If it weren't for our own inept network security implementation, all are eggs would have been in one basket.
Hitler, the Black Death, Attila the Hun, Toba, the Chicxulub asteroid, whatever caused the Great Dying and so on. That we survived despite (at a very high cost) them don't mean that we must be grateful for what they did, even if that meant that had a role on the changes that ended with us right how we are now.
It mainly is an emphasis on going with endpoint security... something which should have been done well before the NSA came to be a boogeyman.
Of course, the article glosses over the biggest gotcha of endpoint encryption... key management. eDiscovery is a major part of business these days, and having a way to recover documents is often mandated by some regulation.
For a small law firm, this isn't a big deal. You get all employees to send stuff out that has the firm's ADK (additional decryption key) attached, and the private part of the ADK is printed out, stored somewhere very secure [1], and that takes care of eDiscovery requirements.
For a bigger company, key management becomes a lot more hairy. If one wants to trade some security for recoverability, S/MIME is usable and fairly easy to get set up on Android, iOS, it is a lot tougher but doable (AFIAK, requires Exchange as a backend.)
[1]: In a previous life, one company I worked for had a holding corporation. This secondary company had a small, unmarked office at a busy office building. The office was protected by an alarm with two codes (normal disarm, disarm + silent alarm), and in the back was a large TL30 x 6 safe with a Mas-Hamilton X-08 (they are up to X-09 now) lock. The safe was used for storing tapes, and a locked compartment similar to a safe deposit box held printed private keys as well as copies burned to optical media. Not 100%, but it did the job of keeping things secure. Of course, said office ended up becoming the company man cave until the business folded.
E. Nothing to do with the NSA, and not a fable. His company's security sucked, they got hacked, the improved their security. That's TFA.
Actually, it does derive directly from the NSA. Specifically, it comes from the NSA's research on Mandatory Access Control, which is the theory underlying all that discussion of "labels". MAC doesn't necessarily use encryption; in its original design it was intended that the operating system enforce the access controls, but it actually matches quite neatly with the capabilities of labels which correspond to private keys.
So the fable (I agree that it's not a fable) is about using NSA-developed ideas to secure your data. All of the security technologies used in the story also had their roots in NSA work -- and in the past that meant that it was almost certainly good work, in fact among the best in the world.

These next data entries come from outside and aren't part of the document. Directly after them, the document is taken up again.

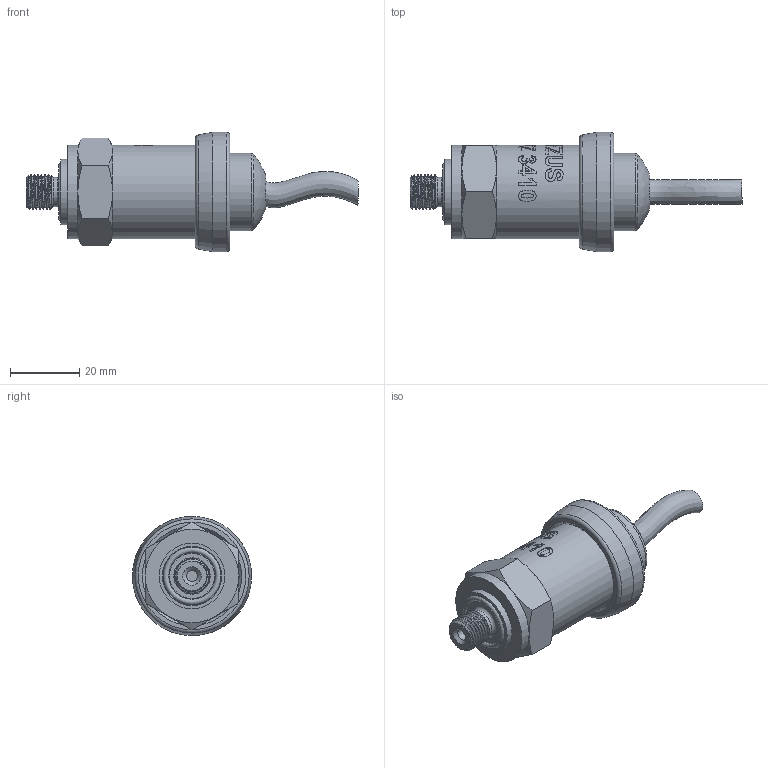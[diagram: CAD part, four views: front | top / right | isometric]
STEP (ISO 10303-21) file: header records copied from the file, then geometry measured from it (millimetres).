
FILE_DESCRIPTION(/* description */ (''),/* implementation_level */ '2;1');
FILE_NAME(/* name */ 'APZ3410_7_StainlessSteelCableGland.step',/* time_stamp */ '2021-06-17T12:51:23+03:00',/* author */ (''),/* organization */ (''),/* preprocessor_version */ 'ST-DEVELOPER v18.1',/* originating_system */ 'Autodesk Translation Framework v10.9.0.1377',/* authorisation */ '');
FILE_SCHEMA (('AUTOMOTIVE_DESIGN { 1 0 10303 214 3 1 1 }'));
Length unit declared in the file: millimetre
Products named in the file (6): APZ3410_x_y; Stainless steel cable gland assembly v4; wire; Stainless steel cable gland v2; Stainless steel cable gland nut v3; M10x1 DIN
Assembly tree (5 placements, depth 3):
  APZ3410_x_y
    Stainless steel cable gland assembly v4
      wire
      Stainless steel cable gland v2
      Stainless steel cable gland nut v3
    M10x1 DIN
Bounding box: 95.99 x 34.5 x 34.5 mm (x, y, z)
Volume: 35990 mm3; surface area: 12694.1 mm2
Topology: 5 solids, 5 shells, 371 faces, 976 edges, 643 vertices
Faces by surface type: bspline 224, cylinder 72, plane 38, cone 23, torus 13, sphere 1
Full cylindrical faces by diameter (mm): 3.3 x1, 7.2 x1, 8.5 x1, 8.744 x3, 9.884 x4, 13 x1, 13.5 x1, 16.7 x1, 19 x1, 21.4 x1, 22.3 x2, 24.5 x1, 25.132 x4, 25.526 x2, 26.85 x3, 27 x2, 27.208 x3, 27.7 x1, 34.5 x1
Entity records: 19367 total; most frequent: CARTESIAN_POINT 11672, ORIENTED_EDGE 1952, EDGE_CURVE 976, DIRECTION 861, VERTEX_POINT 643, B_SPLINE_CURVE_WITH_KNOTS 525, EDGE_LOOP 405, FACE_OUTER_BOUND 371

It's only recently that the NSA has apparently forgotten the part of their mission statement that involves keeping US security technologies strong.
Note to ACs: I usually delete AC replies without reading them. If you want to talk to me, log in.
The one machine that has all the keys is in a locked office, not connected to the Net.
Lessee, 1) do they *also* have an offsite backup of that info in a safe deposit box somewhere?
2) if not, and there's a fire, what happens to their company?
3) Who installed the lock on the door? Does the building engineer have a key? How does
he protect that?
4) Who cleans the room? And when they do, do they shove the electric motorted floor cleaner
up against the system?
5) What happens if the h/d fails?
mark "I *know* y'all can come up with more reasons"
Aha! That sounds interesting, but as a search term, I get everything ever written about data loss protection (;-))
davecb@spamcop.net
This is a Canadian law firm. The NSA is supposed to be weakening their security so they have data to trade with Canada's 4 letter agencies for data on Americans. This way everyone can legally spy without breaking those pesky Constitution things.
https://en.wikipedia.org/wiki/Inverted_totalitarianism
Alas, it is a fable: the story is set some years into the future, when such capabilities can be bought off the shelf.